“You ask the sea, what can you promise me…”

About 17 years ago – in what doesn’t at all seem like another lifetime but part of these continuous decades I’m living, I walked in the dark from our sugarhouse to our house with my two children. Having worked all day, I’d received a reprieve from sugaring and carried up the dinner chili pot and dirty bowls and spoons. March, the nights are always cold, although sometimes a balmy breeze stirs up as a teasing promise of spring.

I threw the kids’ soaked snowsuits in the washing machine (in those days, the washing machine was always churning) and banked the wood stove. I was knitting something from yellow yarn. What this was – a child’s cap, a gift pair of mittens – I can no longer remember. But I remember reading Maurice Sendak’s Chicken Noodle Soup with Rice to my five-year-old, who slept beside me, profoundly as a child sleeps, her cheeks flushed rosy from a day outdoors. In these hours of making syrup, the children had brought in the mail from the driveway box.

The house was warm after hours in the unheated sugarhouse and also cold, since no one had fed the fire all day. I opened The New Yorker and read “March” by Louise Glück, a poem I probably quote every March in this blog. 17 years later, I’m still reading this poem, even as that kindergartener is now a college sophomore. There’s that cliché, in like a lamb, out like a lion, but March is often lion and lamb, all the time. Now, 17 years later, less impatient with spring’s maddening dawdle, I no longer read Maurice Sendak. Yet, unlike the triteness that when the children are grown, they’re flown, our family delves into my disease, digs hard at the stuff of what family means.

Still at Dartmouth, the nurse muses this morning about nine degree temperatures. March is a brutal tease and may leave more sharply than she arrives. But it’s March. The earth will thaw. The universe ambles along, dragging us, too.

You ask the sea, what can you promise me
and it speaks the truth; it says erasure….


The earth is like a drug now, like a voice from far away,
a lover or master. In the end, you do what the voice tells you.

13 thoughts on ““You ask the sea, what can you promise me…”

  1. March the poem and this month and you surviving. Take in the rumblings of

    change as you are doing. Damn hard, your recollections are poignant, I can feel

    them even though I haven’t ever sugared but have experienced Vermont March’s for years.
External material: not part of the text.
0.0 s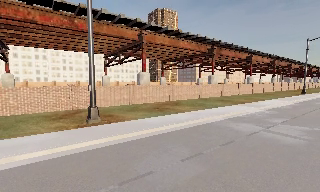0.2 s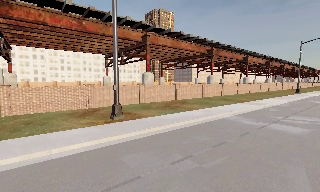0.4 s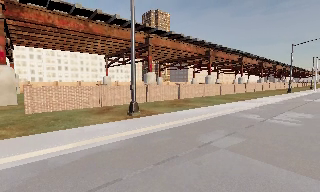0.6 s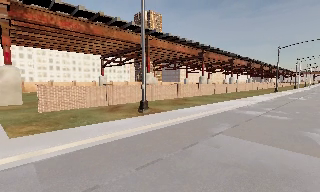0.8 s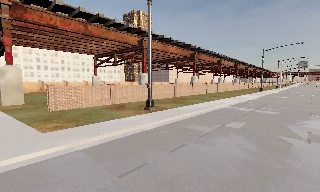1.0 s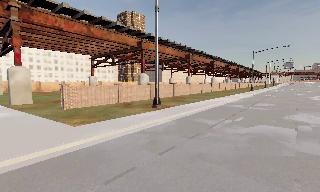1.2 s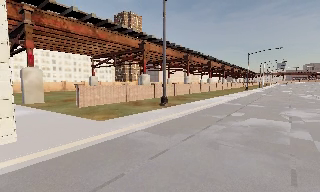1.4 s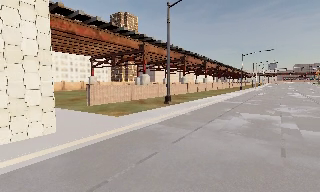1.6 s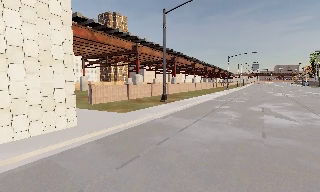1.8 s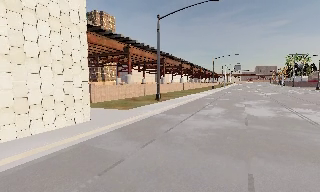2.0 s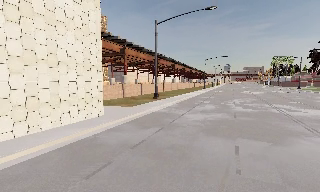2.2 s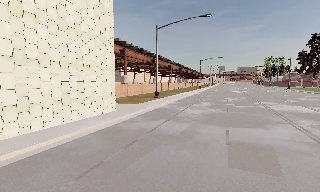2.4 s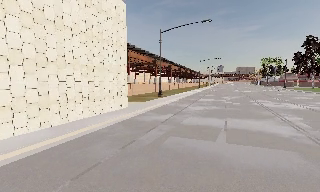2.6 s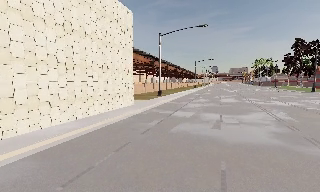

Haven’t ever thought about sea and erasure but will read the poem again and again. Writers like you who delve deeply from so many perspectives. Words carry us through tough times. Thank you.

    I have a memory of walking into Louise’s Plainfield garden following her quietly as she picks very, very carefully small salad greens, new leaves delicate and ready to eat. Her poems are woven with such strength from her small hands.
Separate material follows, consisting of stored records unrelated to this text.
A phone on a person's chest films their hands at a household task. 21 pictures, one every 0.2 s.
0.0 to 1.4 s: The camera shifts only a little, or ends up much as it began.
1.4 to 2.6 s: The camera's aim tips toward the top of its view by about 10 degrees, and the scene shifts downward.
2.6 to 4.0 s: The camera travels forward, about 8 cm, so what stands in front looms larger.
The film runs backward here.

  2. I have never sugared. Never been in Vermont except once, in the summer, and saw something call the Bread and Puppet Festival. Must have been the 70s. But I have lived by the sea my whole life, sometimes a mile away, sometimes an hour away. You and the poem bring a different perspective to me on something I thought I knew so well. Erasure is a good word, though I was just writing about how the shore and ocean are always different. You walk one way along the beach and watch the changes, and the other and there are more, continuous. And the next day it’s all new, or at the turning of the tide, new again. But I never thought of it as erasure, and now I will. Thank you, I hadn’t read this poem before. Your family stories are striking too.